Good Read-- Mahindra Satyam robs Pappu twice !

Are Indian investors the ultimate Lallu-Panju victims of corporate fraud? From the impunity with which promoters, government and even the courts are treating the interests of retail investors, it would appear so.

A case in point is Mahindra Satyam, the successor regime to Satyam Computer Services, which courted ignominy when its promoter B Ramalinga Raju (now in jail) announced on 7 January 2009 that he had overstated revenues to the tune of over Rs 5,900 crore by declaring fake bank balances, non-existent interest earnings and dues from debtors in audited accounts.

The fraud, quite obviously, ended up destroying the wealth of thousands of shareholders in India and abroad (the company had American Depository Receipts - ADRs - listed on the New York Stock Exchange) that accounted for 11-20 percent of the total shareholding base at various points of time.

But here's the iniquity: While the new Mahindra management has settled investor lawsuits in the US for $125 million (over Rs 565 crore at current exchange rates), Indian shareholders haven't got a paisa's worth of compensation. While investors in the US got another $25.5 million (about Rs 115 crore) from PricewaterhouseCoopers (PwC), the audit firm, for failing to do their duty, India shareholders got zilch.

The problem: India has no effective tort law under which shareholders can collectively sue company managements that seek to defraud them and obtain effective relief quickly. The US has a very strong one, and this is why Mahindra Satyam has quietly settled and dipped into the company's coffers to pay up.
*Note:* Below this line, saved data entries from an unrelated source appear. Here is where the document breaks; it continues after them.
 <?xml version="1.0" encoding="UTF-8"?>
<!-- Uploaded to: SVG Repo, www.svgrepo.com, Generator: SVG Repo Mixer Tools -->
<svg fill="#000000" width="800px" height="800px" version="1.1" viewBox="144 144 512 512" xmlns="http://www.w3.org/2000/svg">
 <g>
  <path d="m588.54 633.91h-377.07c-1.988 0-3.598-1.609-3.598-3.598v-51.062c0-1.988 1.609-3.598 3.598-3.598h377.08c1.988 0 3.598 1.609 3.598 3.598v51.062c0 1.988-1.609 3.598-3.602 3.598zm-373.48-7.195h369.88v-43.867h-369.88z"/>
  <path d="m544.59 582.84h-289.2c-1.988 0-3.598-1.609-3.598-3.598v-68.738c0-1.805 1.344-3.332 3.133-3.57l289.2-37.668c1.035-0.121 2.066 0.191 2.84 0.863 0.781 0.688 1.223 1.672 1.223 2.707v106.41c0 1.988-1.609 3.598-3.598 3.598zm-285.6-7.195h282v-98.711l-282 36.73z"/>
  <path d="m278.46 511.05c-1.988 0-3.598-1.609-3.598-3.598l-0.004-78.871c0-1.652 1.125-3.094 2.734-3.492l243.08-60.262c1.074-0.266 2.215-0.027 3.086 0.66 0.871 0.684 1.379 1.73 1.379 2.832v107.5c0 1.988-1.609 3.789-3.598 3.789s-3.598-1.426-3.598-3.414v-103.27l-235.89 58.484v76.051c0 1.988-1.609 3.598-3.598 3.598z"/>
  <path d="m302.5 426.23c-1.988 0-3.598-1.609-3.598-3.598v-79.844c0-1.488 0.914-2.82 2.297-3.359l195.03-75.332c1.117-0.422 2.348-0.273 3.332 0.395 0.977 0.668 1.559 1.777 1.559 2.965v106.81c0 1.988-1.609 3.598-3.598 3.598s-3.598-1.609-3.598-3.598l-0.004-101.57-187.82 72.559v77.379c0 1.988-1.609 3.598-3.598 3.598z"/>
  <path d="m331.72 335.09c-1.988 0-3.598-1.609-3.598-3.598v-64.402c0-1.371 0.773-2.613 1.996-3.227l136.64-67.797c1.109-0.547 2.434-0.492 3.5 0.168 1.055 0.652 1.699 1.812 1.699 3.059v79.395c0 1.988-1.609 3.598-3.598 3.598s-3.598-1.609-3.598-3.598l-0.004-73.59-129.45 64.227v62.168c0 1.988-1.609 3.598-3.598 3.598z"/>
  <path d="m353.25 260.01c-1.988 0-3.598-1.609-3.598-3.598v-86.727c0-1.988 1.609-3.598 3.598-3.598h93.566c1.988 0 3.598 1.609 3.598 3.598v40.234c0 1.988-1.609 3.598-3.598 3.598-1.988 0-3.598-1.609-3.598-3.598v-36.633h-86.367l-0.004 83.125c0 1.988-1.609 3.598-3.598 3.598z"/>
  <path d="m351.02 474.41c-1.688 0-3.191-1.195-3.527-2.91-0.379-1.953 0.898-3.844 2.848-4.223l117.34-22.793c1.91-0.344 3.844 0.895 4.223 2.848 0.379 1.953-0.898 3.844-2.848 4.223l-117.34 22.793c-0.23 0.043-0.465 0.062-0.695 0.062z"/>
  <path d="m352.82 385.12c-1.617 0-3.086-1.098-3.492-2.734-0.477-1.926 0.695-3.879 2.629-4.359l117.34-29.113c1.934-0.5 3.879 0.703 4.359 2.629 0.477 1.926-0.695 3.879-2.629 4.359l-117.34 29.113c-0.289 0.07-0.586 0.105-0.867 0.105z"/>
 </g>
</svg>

But here's the second bit of unfairness that compounds the unhappy state of affairs for Indian shareholders. It is one thing to say that Indian shareholders won't be compensated, but quite another to say their remaining resources will be used to pay another set of investors in the US.

While reporting its fourth quarter earnings for 2010-11 on May 23, Mahindra Satyam reported a consolidated net loss of Rs 327 crore, largely because of the US payout.

The profits and revenues that belong to all shareholders are effectively being used to pay one small set of shareholders in the US (less than 20 percent of total shareholders) because their tort law is stronger than ours. Indian shareholders are doubly suckers in the process.

The point is this: when it was promoters who looted both sets of shareholders, it is the promoters who must compensate the losers ultimately. But the net result of Mahindra Satyam taking on the loss on its books is that all Indian shareholders are taking on the burden of compensating only US investors. They are being robbed twice over.

The Supreme Court dismissed an Indian public interest petition by Midas Touch Investor Association in 2009 that sought compensation of Rs 5,000 crore on behalf of retail investors. The Association first went to the consumer court, and then the Supreme Court, but a bench headed by the then Chief Justice, KG Balakrishnan, dismissed the petition as not maintainable.

Says a recent report in Mint newspaper: "The ability of Indian investors to take either Satyam or PwC to court is also limited because the current Companies Act doesn't have any clear provisions  regarding class action suits."

Virendra Jain, founder of Midas Touch, told Firstpost that Indian laws are not good enough: "We do have a tort law, but it is not effective. It can take 25 years to decide. How can you have effective investor protection without an effective compensation mechanism?"

It appears that Indian shareholders are second-class investors. Mahindra Satyam has not thought twice about robbing Pappu to pay Paul.